Recent studies demonstrate that the activation of the NRG1 (neuregulin 1) - ERBB4 (v-erb-b2 avian erythroblastic leukemia viral oncogene homolog 4) pathway can enhance pro-survival signaling, stimulate mature cardiomyocyte cell cycle re-entry and cell division. In this study, I aimed to determine whether activating NRG1-ERBB4 in MSCs can enhance their cardioprotective effects following myocardial infarction.
In chapter 3, I determined that MSC endogenously expresses NRG1, but not ERBB4. Considering the absence of ERBB4 in the MSCs might lead to mute response to its ligand NRG1, I exogenously manipulated ERBB4 into MSCs.
In chapter 4, MSCs, with or without ERBB4 overexpression were transplanted into mice following myocardial infarction. The transplantation of MSCs with ERBB4 expression considerably improved left ventricular ejection fraction and reduced infarctsize, compared to unmodified MSCs and direct NRG1 injection. ERBB4 overexpression induced greater MSC survival following infarction. The transduction of ERBB4 in MSCs increased cell mobility and apoptotic resistance via a PI3K/Akt pathway under hypoxic conditions in the presence of NRG1. The transplantation of MSCs with ERBB4 expression induced cardiomyocyte division and protected them against apoptosis during early phase of infarction.

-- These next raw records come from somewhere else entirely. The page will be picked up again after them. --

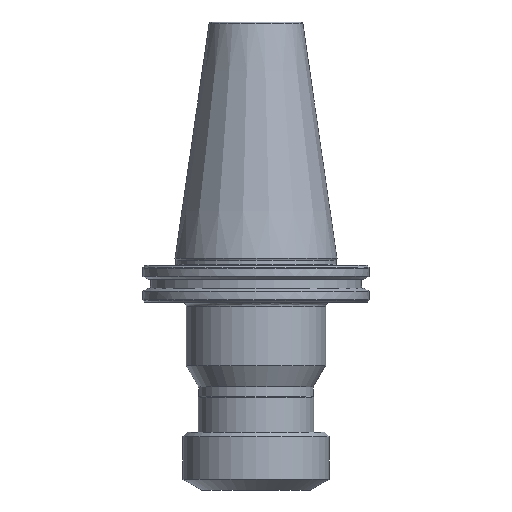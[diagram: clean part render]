
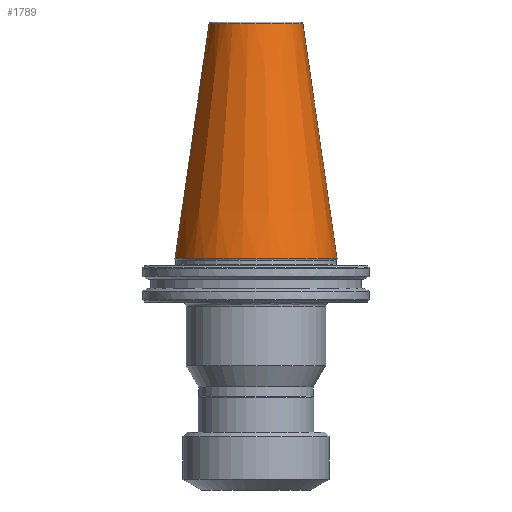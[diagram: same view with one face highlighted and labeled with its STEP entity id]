
A CAD part, front view. The second image highlights one B-rep face of the part: STEP entity #1789.
In plain terms, the highlighted conical face has half-angle 8.297 degrees and reference radius 34.925 mm.
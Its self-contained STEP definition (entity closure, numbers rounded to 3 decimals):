
#84 = CARTESIAN_POINT ( 'NONE',  ( 0., 0., 0. ) ) ;
#129 = CARTESIAN_POINT ( 'NONE',  ( 0., 0., 0. ) ) ;
#262 = CARTESIAN_POINT ( 'NONE',  ( -34.925, 0., 0. ) ) ;
#266 = VECTOR ( 'NONE', #346, 1000. ) ;
#332 = AXIS2_PLACEMENT_3D ( 'NONE', #3039, #1413, #3287 ) ;
#346 = DIRECTION ( 'NONE',  ( -0.144, 0., -0.99 ) ) ;
#400 = DIRECTION ( 'NONE',  ( 0., 0., -1. ) ) ;
#650 = CIRCLE ( 'NONE', #1590, 34.925 ) ;
#662 = EDGE_LOOP ( 'NONE', ( #940, #1456, #1324, #1947 ) ) ;
#738 = CARTESIAN_POINT ( 'NONE',  ( 34.925, 0., 0. ) ) ;
#799 = LINE ( 'NONE', #262, #266 ) ;
#940 = ORIENTED_EDGE ( 'NONE', *, *, #1924, .F. ) ;
#1151 = EDGE_CURVE ( 'NONE', #2916, #1998, #799, .T. ) ;
#1192 = EDGE_CURVE ( 'NONE', #1998, #2042, #650, .T. ) ;
#1231 = CONICAL_SURFACE ( 'NONE', #2907, 34.925, 0.145 ) ;
#1264 = CARTESIAN_POINT ( 'NONE',  ( 34.925, 0., 0. ) ) ;
#1324 = ORIENTED_EDGE ( 'NONE', *, *, #1151, .T. ) ;
#1413 = DIRECTION ( 'NONE',  ( 0., 0., -1. ) ) ;
#1451 = VERTEX_POINT ( 'NONE', #2603 ) ;
#1456 = ORIENTED_EDGE ( 'NONE', *, *, #2926, .T. ) ;
#1552 = DIRECTION ( 'NONE',  ( 0.144, 0., -0.99 ) ) ;
#1571 = DIRECTION ( 'NONE',  ( -1., 0., 0. ) ) ;
#1590 = AXIS2_PLACEMENT_3D ( 'NONE', #129, #1775, #1571 ) ;
#1595 = LINE ( 'NONE', #1264, #2314 ) ;
#1775 = DIRECTION ( 'NONE',  ( 0., 0., 1. ) ) ;
#1789 = ADVANCED_FACE ( 'NONE', ( #1909 ), #1231, .T. ) ;
#1846 = CARTESIAN_POINT ( 'NONE',  ( -34.925, 0., 0. ) ) ;
#1909 = FACE_OUTER_BOUND ( 'NONE', #662, .T. ) ;
#1924 = EDGE_CURVE ( 'NONE', #1451, #2042, #1595, .T. ) ;
#1947 = ORIENTED_EDGE ( 'NONE', *, *, #1192, .T. ) ;
#1998 = VERTEX_POINT ( 'NONE', #1846 ) ;
#2042 = VERTEX_POINT ( 'NONE', #738 ) ;
#2086 = DIRECTION ( 'NONE',  ( -1., 0., 0. ) ) ;
#2314 = VECTOR ( 'NONE', #1552, 1000. ) ;
#2603 = CARTESIAN_POINT ( 'NONE',  ( 20.211, 0., 100.894 ) ) ;
#2766 = CIRCLE ( 'NONE', #332, 20.211 ) ;
#2907 = AXIS2_PLACEMENT_3D ( 'NONE', #84, #400, #2086 ) ;
#2916 = VERTEX_POINT ( 'NONE', #3275 ) ;
#2926 = EDGE_CURVE ( 'NONE', #1451, #2916, #2766, .T. ) ;
#3039 = CARTESIAN_POINT ( 'NONE',  ( 0., 0., 100.894 ) ) ;
#3275 = CARTESIAN_POINT ( 'NONE',  ( -20.211, 0., 100.894 ) ) ;
#3287 = DIRECTION ( 'NONE',  ( -1., 0., 0. ) ) ;

In chapter 5, a novel autocrine loop regarding to NRG1-ERBB4-NRG1 signaling was identified. MSCs with ERBB4 overexpression in turn increased NRG1 synthesis and secretion. Conditioned medium of ERBB4-expressing MSCs containing elevated NRG1, promoted cardiomyocyte growth, division and anti-senescence, whereas neutralization of NRG1 blunted these effects. Injecting ERBB4-expressing MSCs restored NRG1 in the infarcted myocardium to a level comparable with that of the normal myocardium.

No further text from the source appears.